> What needs to be done:
Starting with the line that has "Invasive ductal carcinoma" and finishing with the line that has "Image type: pathology (h&e)", set down each line below exactly. Pictures are not copied.

> Source records:

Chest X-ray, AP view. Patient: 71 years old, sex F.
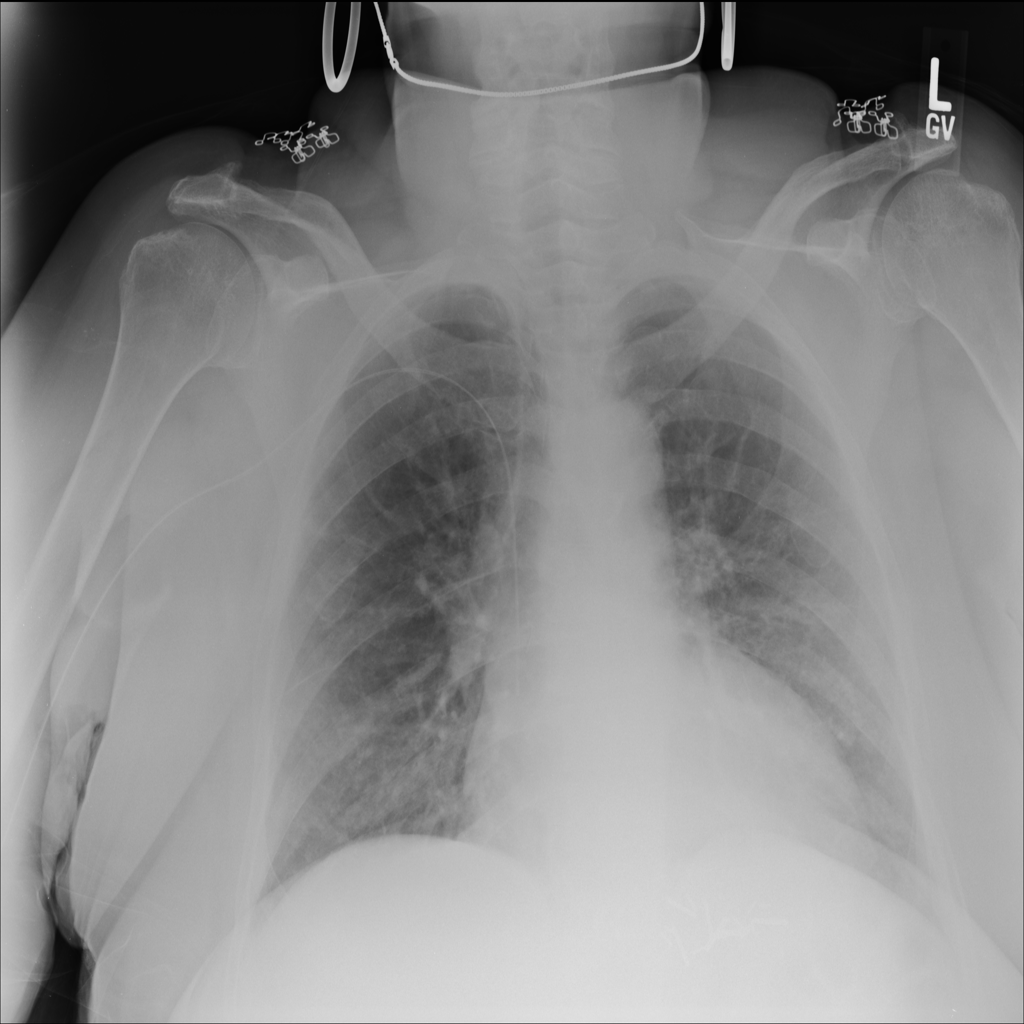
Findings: No Finding
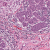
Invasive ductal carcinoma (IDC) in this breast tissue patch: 0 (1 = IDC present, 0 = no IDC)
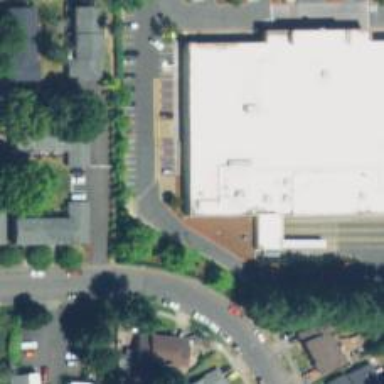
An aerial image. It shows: Building that houses supermarket.
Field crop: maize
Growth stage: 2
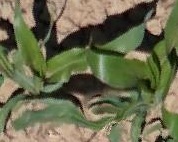
Species: maize
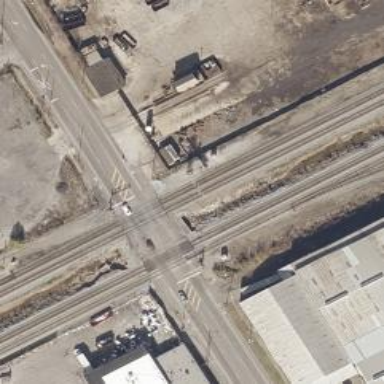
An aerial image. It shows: Railway level crossing.
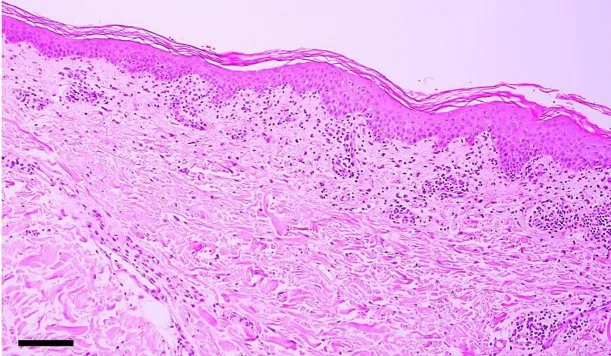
Histopathologic features:. Microscopic image at a low power field showing psoriasiform epidermal hyperplasia, perivascular infiltration, and ,interface dermatitis (hematoxylin-eosin, scale bar represents 100 mum).
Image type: pathology (h&e)
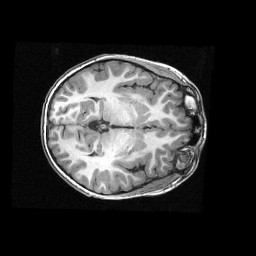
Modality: T1w
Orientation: axial
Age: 10
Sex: male
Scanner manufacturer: siemens
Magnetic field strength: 3 T
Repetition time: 2.3 s
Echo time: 0.00336 s
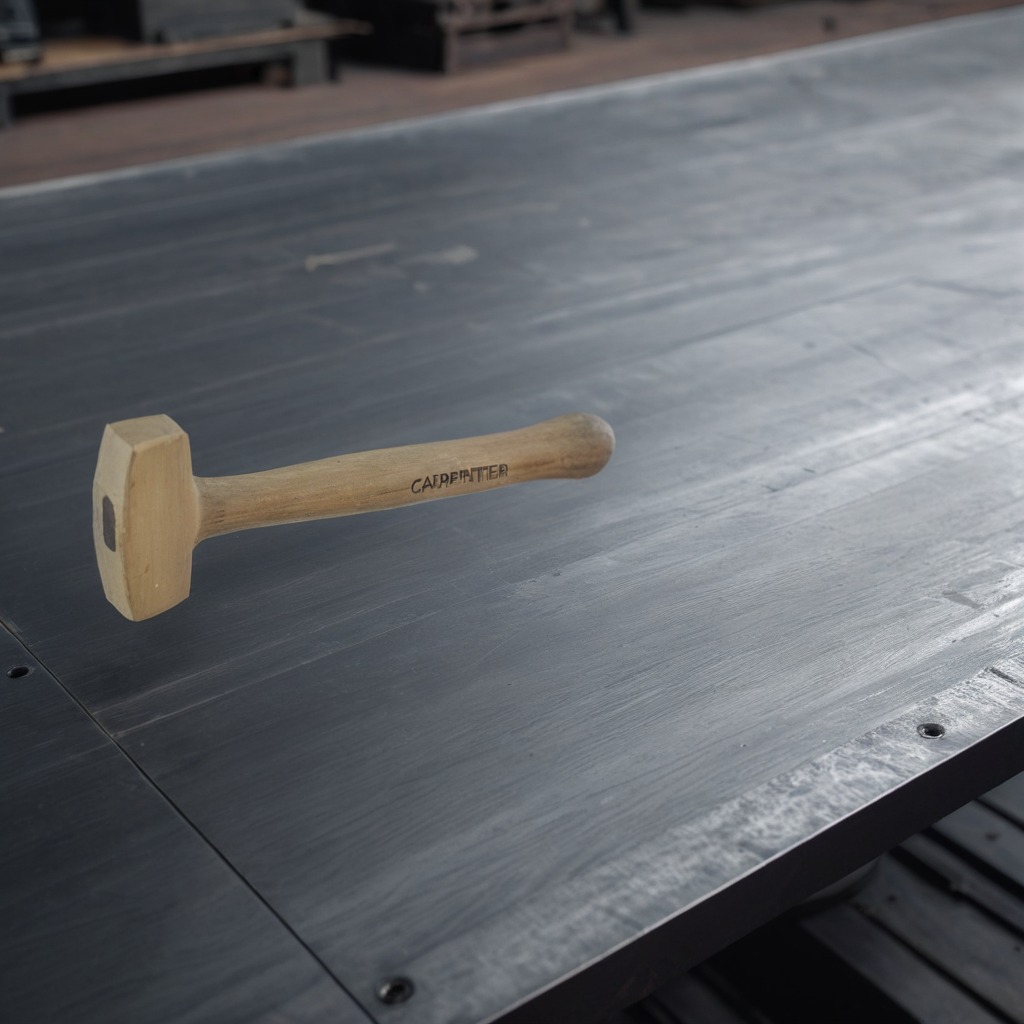
A hammer is lying on the cold steel table in a mining workshop gritty textures.
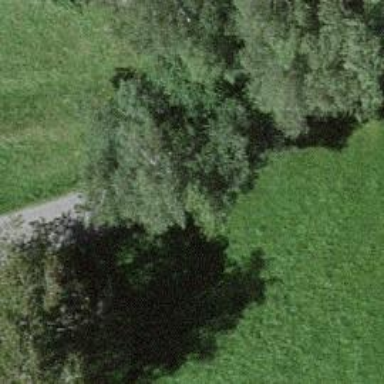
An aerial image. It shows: Well-maintained track road of grade 1.

> Solution:
Invasive ductal carcinoma (IDC) in this breast tissue patch: 0 (1 = IDC present, 0 = no IDC)
An aerial image. It shows: Building that houses supermarket.
Field crop: maize
Growth stage: 2
Species: maize
An aerial image. It shows: Railway level crossing.
Histopathologic features:. Microscopic image at a low power field showing psoriasiform epidermal hyperplasia, perivascular infiltration, and ,interface dermatitis (hematoxylin-eosin, scale bar represents 100 mum).
Image type: pathology (h&e)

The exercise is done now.